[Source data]
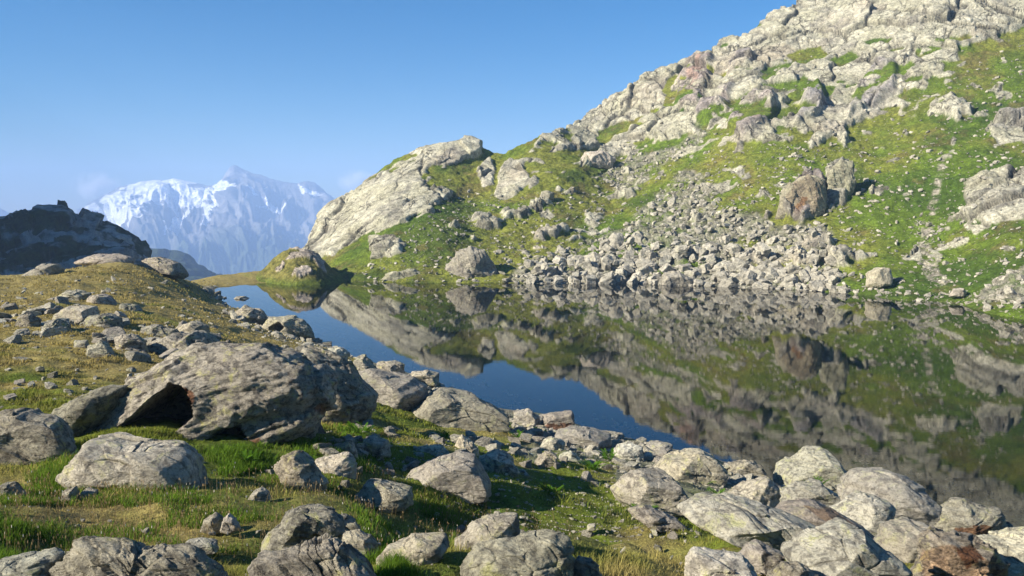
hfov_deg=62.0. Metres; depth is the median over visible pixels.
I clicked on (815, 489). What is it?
boulder
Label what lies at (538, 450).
stone
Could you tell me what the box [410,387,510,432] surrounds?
rock slab
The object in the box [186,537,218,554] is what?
boulder
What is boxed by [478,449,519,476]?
boulder
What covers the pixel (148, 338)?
stone
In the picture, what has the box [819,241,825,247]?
scree block
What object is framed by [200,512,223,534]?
boulder
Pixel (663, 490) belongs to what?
boulder
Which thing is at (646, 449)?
stone
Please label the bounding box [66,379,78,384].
stone
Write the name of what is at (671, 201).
scree block
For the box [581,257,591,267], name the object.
scree block
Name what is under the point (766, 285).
scree block
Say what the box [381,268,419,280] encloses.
rock outcrop
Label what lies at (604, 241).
scree block
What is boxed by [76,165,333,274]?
snowy mountain
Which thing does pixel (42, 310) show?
stone
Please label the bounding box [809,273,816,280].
scree block
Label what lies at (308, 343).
stone
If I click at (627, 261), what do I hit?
scree block
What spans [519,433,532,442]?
stone
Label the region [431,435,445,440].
stone
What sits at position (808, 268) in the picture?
scree block
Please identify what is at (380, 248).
rock outcrop
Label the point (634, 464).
stone
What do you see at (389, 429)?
stone
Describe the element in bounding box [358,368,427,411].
rock slab
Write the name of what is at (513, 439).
stone
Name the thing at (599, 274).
scree block
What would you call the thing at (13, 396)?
stone
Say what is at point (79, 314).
boulder
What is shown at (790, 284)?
scree block
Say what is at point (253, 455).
fern
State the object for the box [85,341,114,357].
boulder
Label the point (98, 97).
sky
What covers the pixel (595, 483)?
stone
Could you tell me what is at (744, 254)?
scree block
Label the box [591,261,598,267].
scree block
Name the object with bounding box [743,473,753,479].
stone
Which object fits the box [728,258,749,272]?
scree block
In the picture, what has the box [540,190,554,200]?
boulder
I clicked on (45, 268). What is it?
rock outcrop
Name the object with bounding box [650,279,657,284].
scree block
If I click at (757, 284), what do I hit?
scree block
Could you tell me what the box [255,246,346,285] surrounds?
grassy knoll
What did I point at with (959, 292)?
boulder
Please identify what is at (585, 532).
stone
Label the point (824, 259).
scree block
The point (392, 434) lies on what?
stone
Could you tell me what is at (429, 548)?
boulder
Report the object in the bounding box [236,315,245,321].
stone
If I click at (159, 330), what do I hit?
boulder
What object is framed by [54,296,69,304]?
stone
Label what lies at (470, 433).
stone
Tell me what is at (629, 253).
scree block
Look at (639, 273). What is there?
scree block
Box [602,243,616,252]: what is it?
scree block
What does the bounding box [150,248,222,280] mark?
forested slope
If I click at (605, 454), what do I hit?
fern
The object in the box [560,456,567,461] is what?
stone
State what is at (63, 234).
rocky hill
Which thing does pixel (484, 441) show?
stone
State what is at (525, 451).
stone
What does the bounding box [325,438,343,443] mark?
stone
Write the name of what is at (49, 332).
stone
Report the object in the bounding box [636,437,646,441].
stone
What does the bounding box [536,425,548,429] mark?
stone
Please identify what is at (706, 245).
scree block
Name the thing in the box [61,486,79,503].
boulder
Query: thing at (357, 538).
boulder
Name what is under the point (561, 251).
scree block
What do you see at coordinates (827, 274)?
scree block
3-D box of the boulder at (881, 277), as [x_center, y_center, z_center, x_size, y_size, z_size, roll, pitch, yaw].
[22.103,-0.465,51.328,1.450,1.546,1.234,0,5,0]
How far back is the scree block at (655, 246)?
63.53 m
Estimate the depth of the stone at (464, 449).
10.61 m
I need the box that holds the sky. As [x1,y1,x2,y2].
[0,0,795,212]
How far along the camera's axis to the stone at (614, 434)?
17.06 m
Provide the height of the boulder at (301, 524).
0.317 m
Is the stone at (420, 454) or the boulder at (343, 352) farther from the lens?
the boulder at (343, 352)
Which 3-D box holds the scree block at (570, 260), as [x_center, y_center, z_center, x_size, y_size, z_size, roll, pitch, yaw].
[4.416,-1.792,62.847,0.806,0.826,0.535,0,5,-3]
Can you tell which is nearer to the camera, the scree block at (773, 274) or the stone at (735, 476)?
the stone at (735, 476)
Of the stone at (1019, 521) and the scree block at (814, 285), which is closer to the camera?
the stone at (1019, 521)
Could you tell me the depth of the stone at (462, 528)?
7.35 m
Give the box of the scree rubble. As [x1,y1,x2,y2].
[352,0,1023,316]
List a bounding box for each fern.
[237,449,261,463]
[346,421,375,434]
[428,428,453,439]
[510,429,523,437]
[538,483,565,496]
[577,459,605,470]
[597,448,616,459]
[705,486,725,493]
[804,476,830,483]
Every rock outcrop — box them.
[22,263,64,275]
[74,253,134,265]
[138,257,188,278]
[370,239,406,259]
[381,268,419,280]
[445,246,497,277]
[775,174,826,219]
[826,159,856,195]
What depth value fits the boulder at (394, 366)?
22.79 m
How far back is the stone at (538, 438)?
14.85 m
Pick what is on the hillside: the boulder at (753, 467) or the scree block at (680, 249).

→ **WORK TASK**:
This exercise calls for the line containing "What depth value" and each line after it in the records, copied exactly.

→ **SOLUTION FOR THIS PROBLEM**:
What depth value fits the boulder at (394, 366)?
22.79 m
How far back is the stone at (538, 438)?
14.85 m
Pick what is on the hillside: the boulder at (753, 467) or the scree block at (680, 249).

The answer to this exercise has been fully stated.